### TASK DIRECTIONS
All of the data that follows is to be printed exactly, without pictures.

### SOURCE DATA
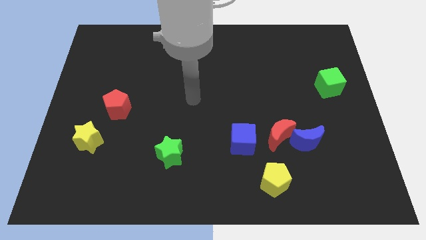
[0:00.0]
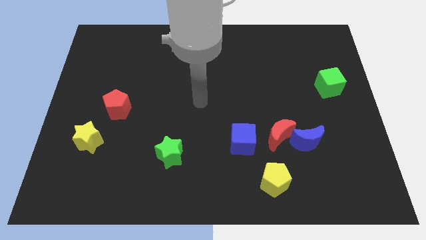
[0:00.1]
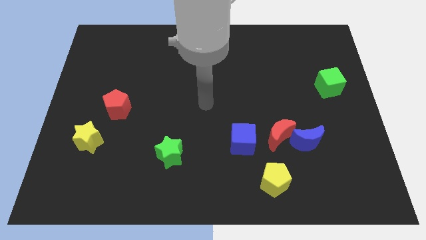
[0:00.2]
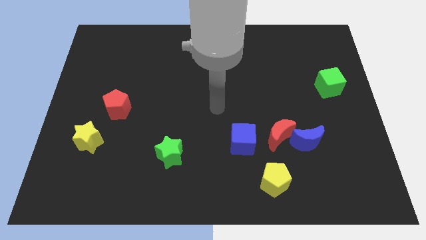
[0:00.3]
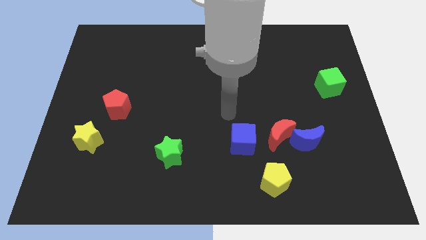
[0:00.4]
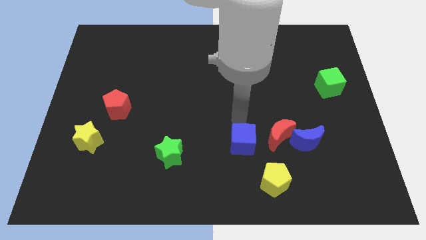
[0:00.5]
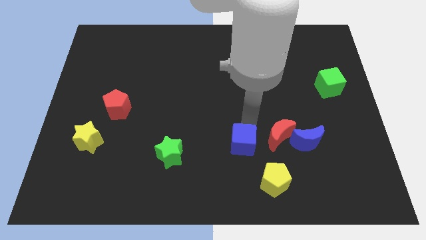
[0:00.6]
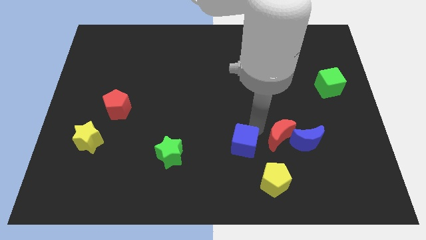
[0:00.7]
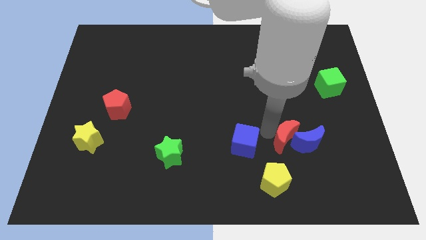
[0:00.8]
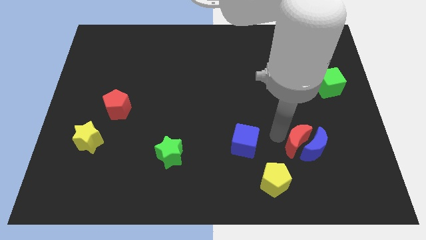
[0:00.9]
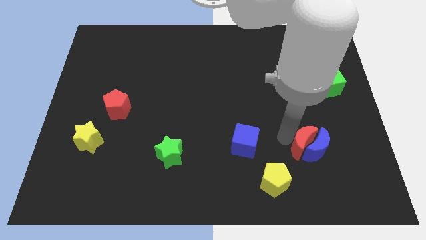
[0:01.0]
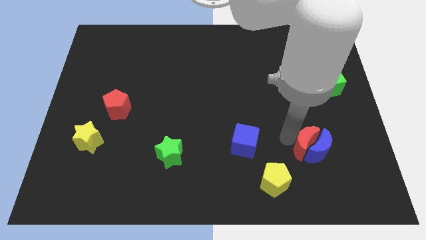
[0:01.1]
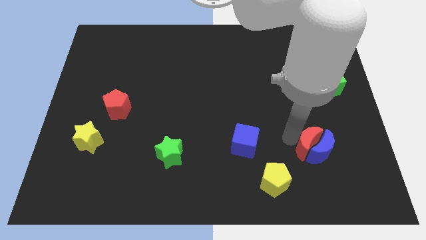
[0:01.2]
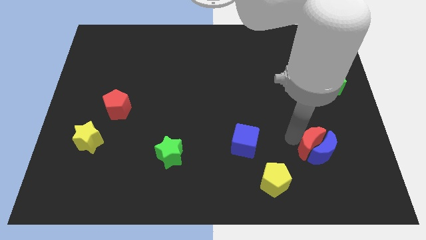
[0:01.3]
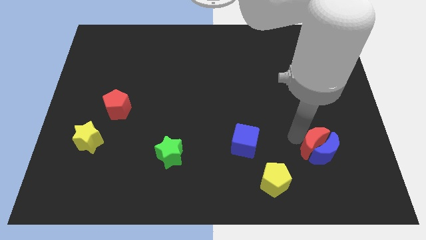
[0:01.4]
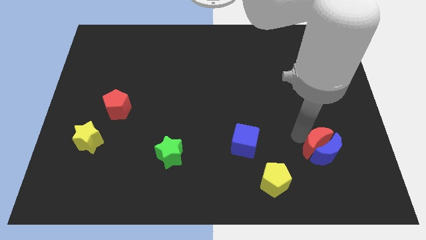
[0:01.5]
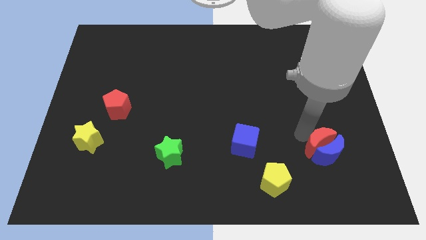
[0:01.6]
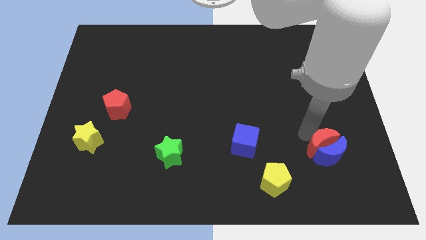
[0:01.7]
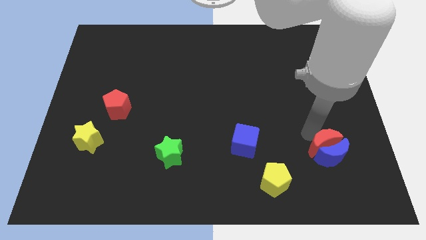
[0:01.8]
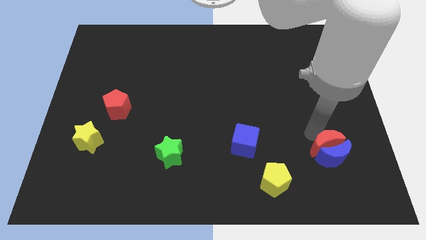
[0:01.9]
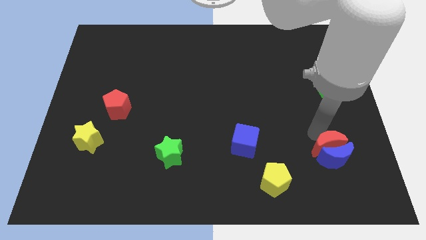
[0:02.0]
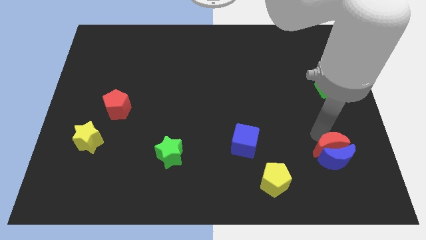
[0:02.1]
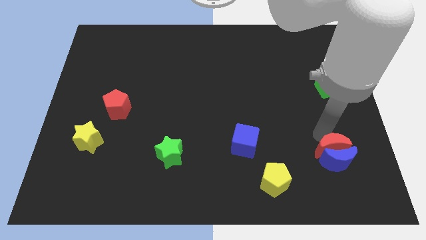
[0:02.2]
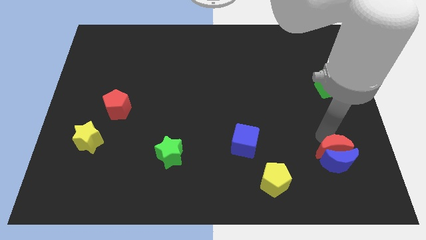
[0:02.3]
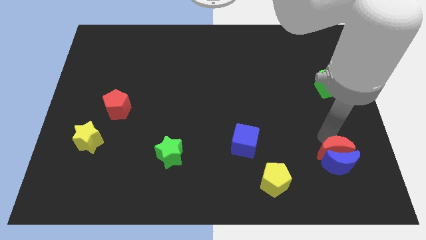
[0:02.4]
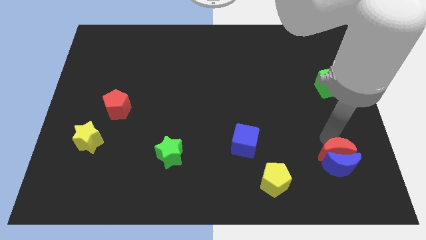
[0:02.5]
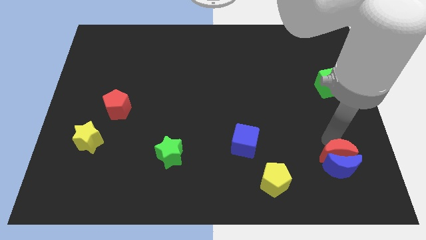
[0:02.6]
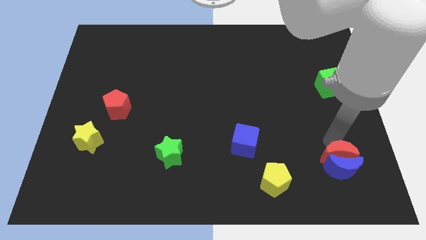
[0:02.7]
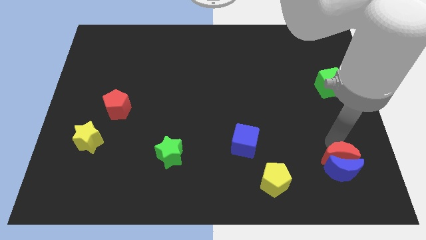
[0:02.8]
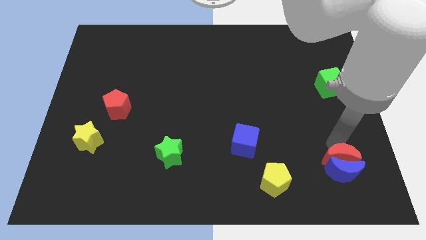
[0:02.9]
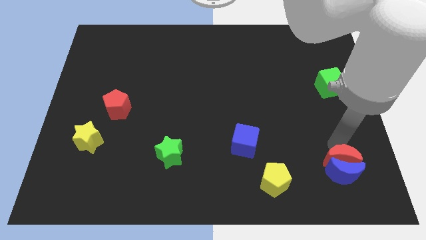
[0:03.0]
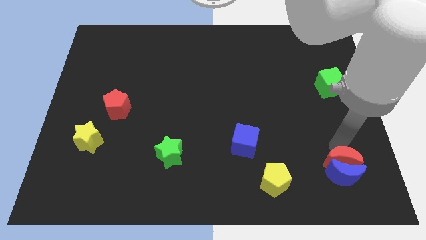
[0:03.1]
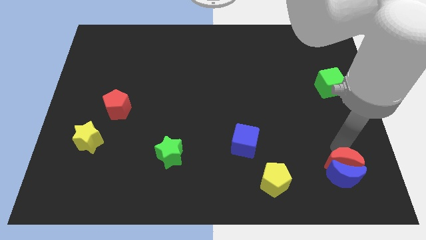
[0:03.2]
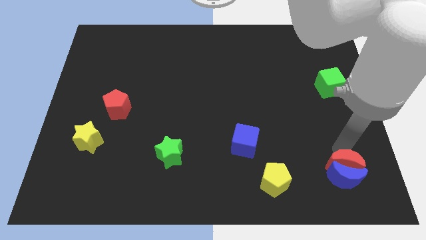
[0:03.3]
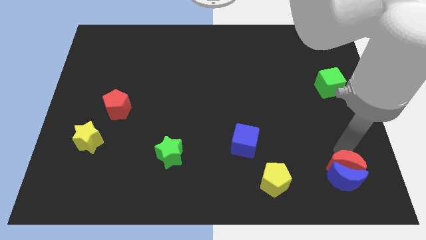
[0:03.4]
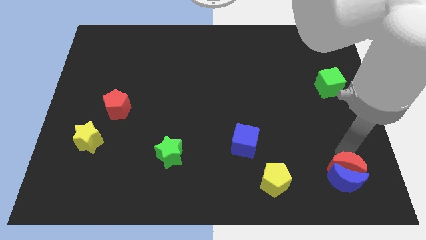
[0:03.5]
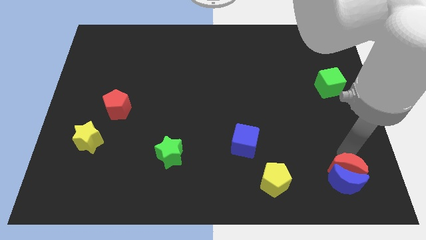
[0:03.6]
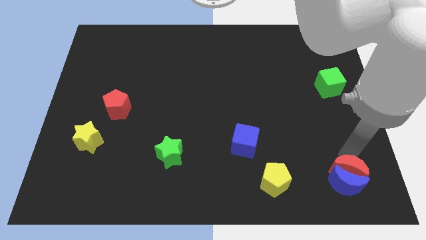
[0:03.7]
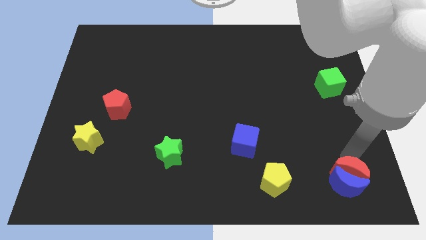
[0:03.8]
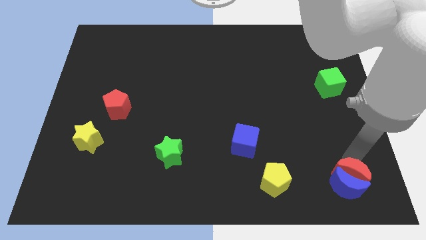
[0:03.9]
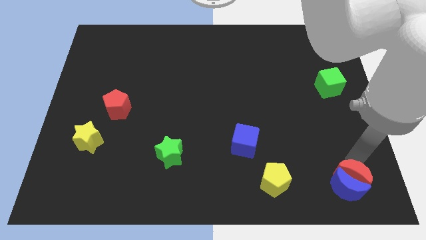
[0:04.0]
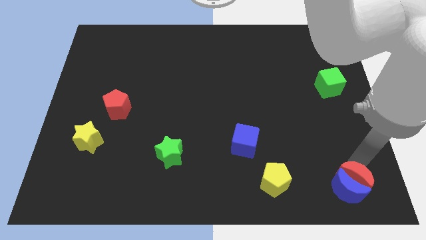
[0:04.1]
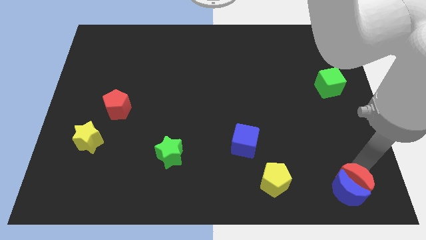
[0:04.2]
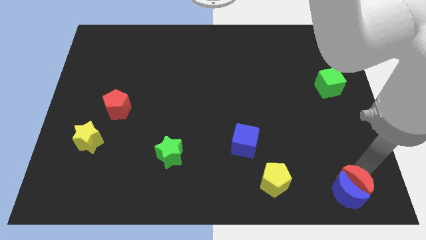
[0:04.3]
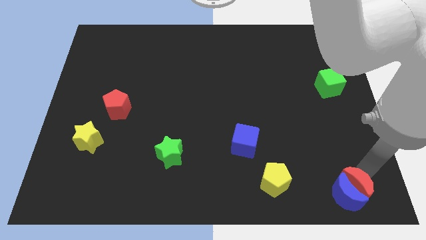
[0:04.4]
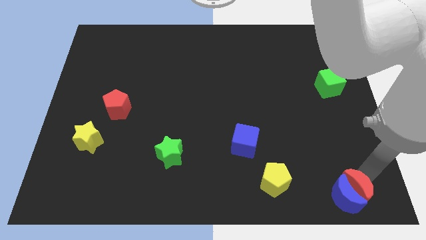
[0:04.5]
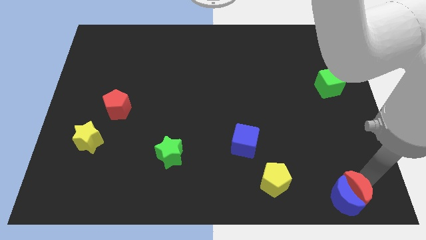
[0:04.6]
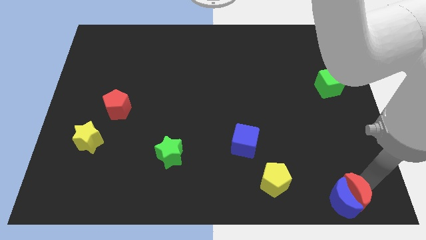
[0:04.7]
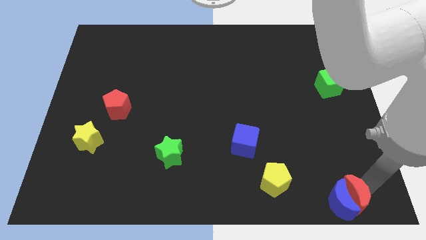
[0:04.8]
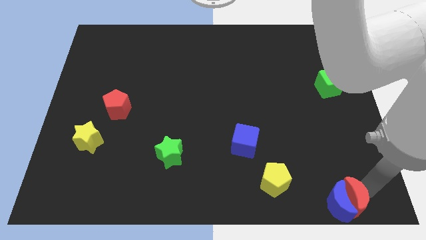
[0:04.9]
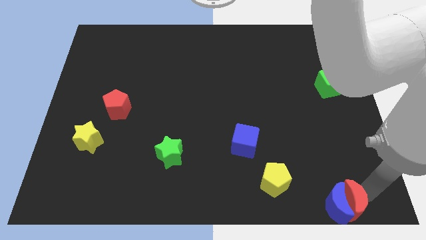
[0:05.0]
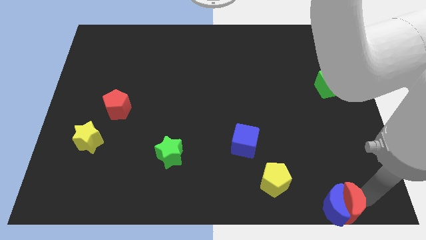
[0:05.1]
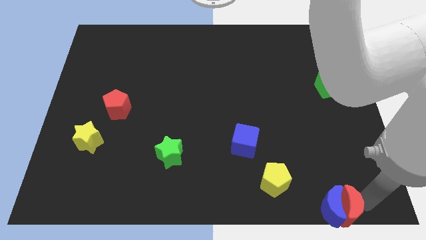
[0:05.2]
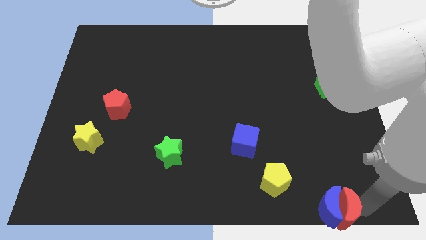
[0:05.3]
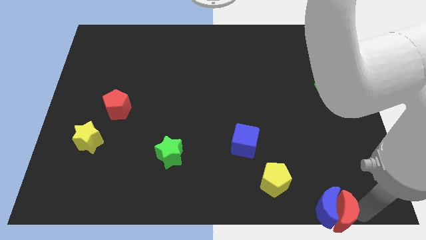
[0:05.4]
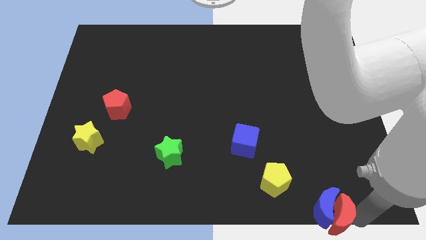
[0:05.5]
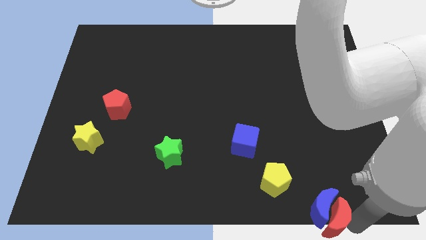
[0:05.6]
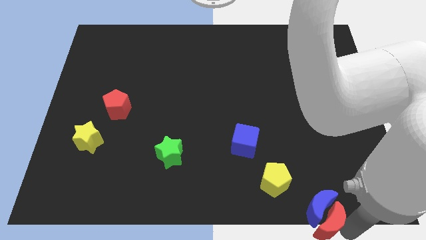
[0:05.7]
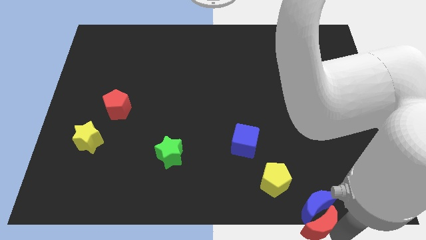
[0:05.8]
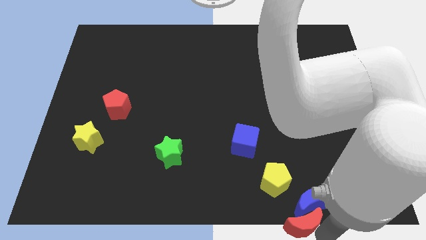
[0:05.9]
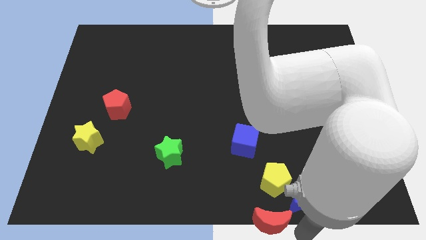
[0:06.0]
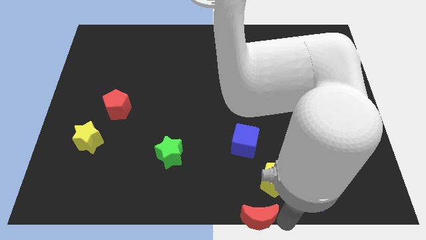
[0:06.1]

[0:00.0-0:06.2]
separate the blue moon from the red moon

### RESULT
[0:00.0]
[0:00.1]
[0:00.2]
[0:00.3]
[0:00.4]
[0:00.5]
[0:00.6]
[0:00.7]
[0:00.8]
[0:00.9]
[0:01.0]
[0:01.1]
[0:01.2]
[0:01.3]
[0:01.4]
[0:01.5]
[0:01.6]
[0:01.7]
[0:01.8]
[0:01.9]
[0:02.0]
[0:02.1]
[0:02.2]
[0:02.3]
[0:02.4]
[0:02.5]
[0:02.6]
[0:02.7]
[0:02.8]
[0:02.9]
[0:03.0]
[0:03.1]
[0:03.2]
[0:03.3]
[0:03.4]
[0:03.5]
[0:03.6]
[0:03.7]
[0:03.8]
[0:03.9]
[0:04.0]
[0:04.1]
[0:04.2]
[0:04.3]
[0:04.4]
[0:04.5]
[0:04.6]
[0:04.7]
[0:04.8]
[0:04.9]
[0:05.0]
[0:05.1]
[0:05.2]
[0:05.3]
[0:05.4]
[0:05.5]
[0:05.6]
[0:05.7]
[0:05.8]
[0:05.9]
[0:06.0]
[0:06.1]

[0:00.0-0:06.2]
separate the blue moon from the red moon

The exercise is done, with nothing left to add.